Majnuni (Bosnia and Herzegovina) by Kouros Alaghband Joins the Auteur Cinema Archive 'A dreamlike odyssey through longing, identity, and the beauty of getting lost.'
- iFilmFestival.com

- 7 days ago
- 2 min read
The Auteur Cinema Archive proudly welcomes Majnuni (2019), the debut feature by Kouros Alaghband, an Iranian-American filmmaker whose haunting visual style was forged under the mentorship of Béla Tarr at his Sarajevo-based film school, Film.Factory. The film—winner of Best Narrative Feature Film at the Brussels Independent Film Festival and an official selection at Slamdance 2020—is a hypnotic descent into obsession and fractured identity, set against the backdrop of a war-scarred Sarajevo that feels both ghostly and eternal.

In Majnuni (a title that translates to a state of longing so consuming it drives the lover insane), we follow Adnan, a modern-day Majnun who spends his nights shadowing a broken family through the sleeping streets of Sarajevo. As the night deepens, his identity begins to blur into theirs—his memories, fantasies, and desires fusing with theirs in a fever dream of loss and yearning. Long takes, glacial pacing, and haunting use of sound and color create a oneiric rhythm that recalls the work of Tarr himself, while pushing beyond into something uniquely Alaghband’s: a meditation on how obsession and place become indistinguishable.
Critic Jonathan Rosenbaum described Majnuni as “dreamlike and haunting… periodically reminding me of Holy Motors by Leos Carax—intriguing, provocative, and beautiful as well as puzzling.” Slamdance programmer Paul Sbrizzipraised its “languorous, elegant, fluid shooting style” and “exquisite sense of color and composition”, calling it “richly rewarding to those willing to come along for the ride.”
Curator Kris De Meester on the film’s inclusion:
“There’s a line from Dostoevsky’s Notes from the Underground that says, ‘The pleasure lies not in the discovery of truth, but in the search for it.’ That, to me, is what Majnuni embodies—the beauty of getting lost.

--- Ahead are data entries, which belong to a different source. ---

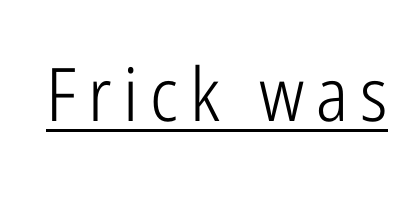
The image shows 74 px light, condensed sans-serif type, upright; set underlined; low stroke contrast and a medium x-height.
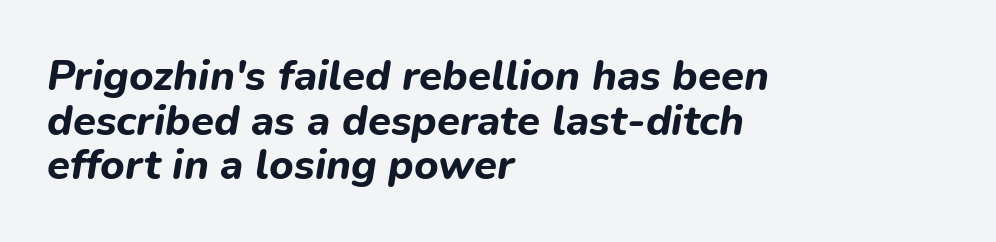
Q: Is the text bold? A: Yes.
Q: Is the text italic (slanted)? A: Yes, it leans right by about 9 degrees.
Q: Is the text underlined? A: No.
Q: How is the paragraph aligned? A: Left-aligned.
Q: Is the spacing between letters normal or unusually wide? A: Normal.
Q: Is the spacing between lines tight, normal or loose? A: Tight.
Q: Width (condensed, normal, or wide)? A: Normal.
Q: Stroke contrast? A: Low.
Q: x-height? A: Medium.
Q: Monospaced? A: No.

Alaghband’s film isn’t about arriving anywhere; it’s about wandering through emotional and spiritual terrains until the line between the seeker and the sought disappears. It’s a cinema of drift, of intoxicated movement, of surrender.”
Alaghband’s process itself mirrors this philosophy of surrender. Rejecting scripted precision, he built Majnunicollaboratively with his lead actor Adnan Omerovic, asking him not to perform a character but to simply “be himself.” The result is a film where reality and fiction dissolve into each other—where the filmmaker, his cast, and his environment all seem to merge into one elusive consciousness.

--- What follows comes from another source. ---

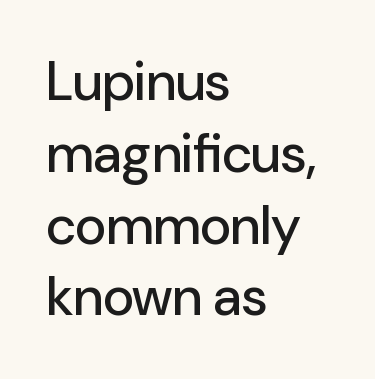
{"serif": "no", "italic": "no", "width": "normal", "stroke_contrast": "low", "x_height": "medium", "monospaced": "no", "underline": "no", "align": "left", "line_spacing": "normal", "line_spacing_ratio": 1.33, "letter_spacing": "normal", "letter_spacing_em": 0.0, "glyph_px": 54}

Shot in just 17 days with a micro-budget and a small team, Majnuni feels monumental in its intimacy. Its slow rhythms and hypnotic atmosphere align with the tradition of slow cinema, yet its emotional pulse—its restless, feverish searching—makes it timelessly human.
By including Majnuni in the Auteur Cinema Archive, curator Kris De Meester honors a work that doesn’t just tell a story but enacts a state of being—cinema as pilgrimage, where losing one’s way becomes the point of arrival.